That number is, rather famously, n! (say "n factorial"). And we have a number of ways to write it.

$\textrm{card} \, S_n \equiv \textrm{card} \, \left\{ f \, | \, f : \textrm{ordinal}_n \xrightarrow[\textrm{onto}]{\textrm{1-to-1}} \textrm{ordinal}_n \right\} \\ n! \equiv \prod_{k=1}^{n} k \\ \Gamma ( n + 1 ) \equiv \int_{0}^{\infty} x^n \, e^{-x} \, dx \\ \forall n \in \mathbb{N}_0 \quad \textrm{card} \, S_n \, = \, n! \, = \, \Gamma ( n + 1 )$

Proof:
If n = 0, then the number of ways to map ordinal 0 to ordinal 0 is the set that just has the empty function (set), so cardinality = 1. 0! = the product over the empty set, which is 1 by definition.
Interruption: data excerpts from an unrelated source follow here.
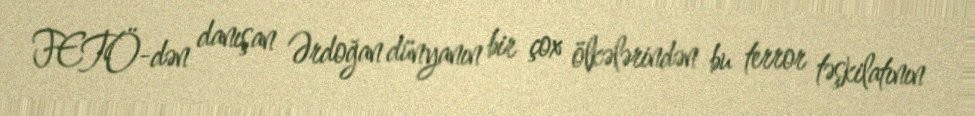
FETÖ-dən danışan Ərdoğan dünyanın bir çox ölkələrindən bu terror təşkilatının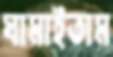
ঘামাইতাম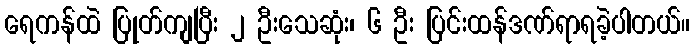
ရေကန်ထဲ ပြုတ်ကျပြီး ၂ ဦးသေဆုံး၊ ၆ ဦး ပြင်းထန်ဒဏ်ရာရခဲ့ပါတယ်။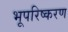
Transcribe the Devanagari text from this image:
भूपरिष्करण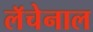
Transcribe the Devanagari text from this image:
लॅचेनाल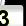
Digit: 3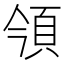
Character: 𩑟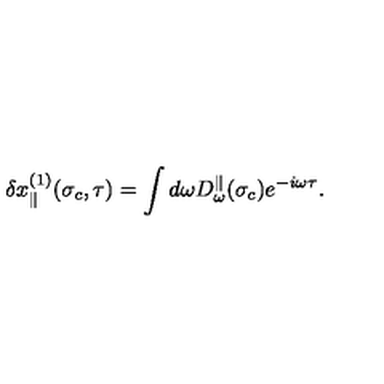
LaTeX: \delta x _ { \parallel } ^ { ( 1 ) } ( \sigma _ { c } , \tau ) = \int d \omega D _ { \omega } ^ { \parallel } ( \sigma _ { c } ) e ^ { - i \omega \tau } .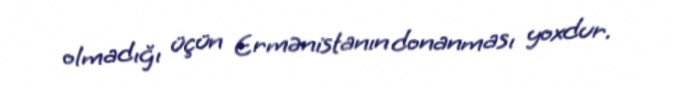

The integral for n=0 is simply $\int_{0}^{\infty} x^n \, e^{-x} \, dx = e^0 - e^{-\infty} = 1$.

If $\textrm{card} \, S_n = n! = \Gamma ( n + 1 )$ then
$\textrm{card} \, S_{n+1}$ = number of different items a item may be paired with another item, including itself, in a set of n+1 item, times the ways to arrange the remaining items = $(n+1) \textrm{card} \, S_n$
By definition, $(n+1)! = \prod_{k=1}^{n+1} k = (n+1) \prod_{k=1}^{n} k = (n+1) n!$.
$\Gamma(n + 2) = \int_{0}^{\infty} x^{n+1} \, e^{-x} \, dx = \int_{-1}^{0} v du$ with $u = - e^{-x}, \quad du = e^{-x} dx, \quad v = x^{n+1}, \quad dv = (n+1) x^n dx$.
By integration by parts,
$\int_{-1}^{0} v du = \left[ u v \right] _{u=-1}^{u=0} - \int_{0}^{\infty} u dv = \left[ -e^{-\infty} \infty^{n+1} - -e^{-0} 0^{n+1} \right] - \int_{0}^{\infty} -e^{-x} (n+1) x^n dx \\ = 0 + (n+1) \int_{0}^{\infty} x^n e^{-x} dx = (n+1) \Gamma(n+1)$.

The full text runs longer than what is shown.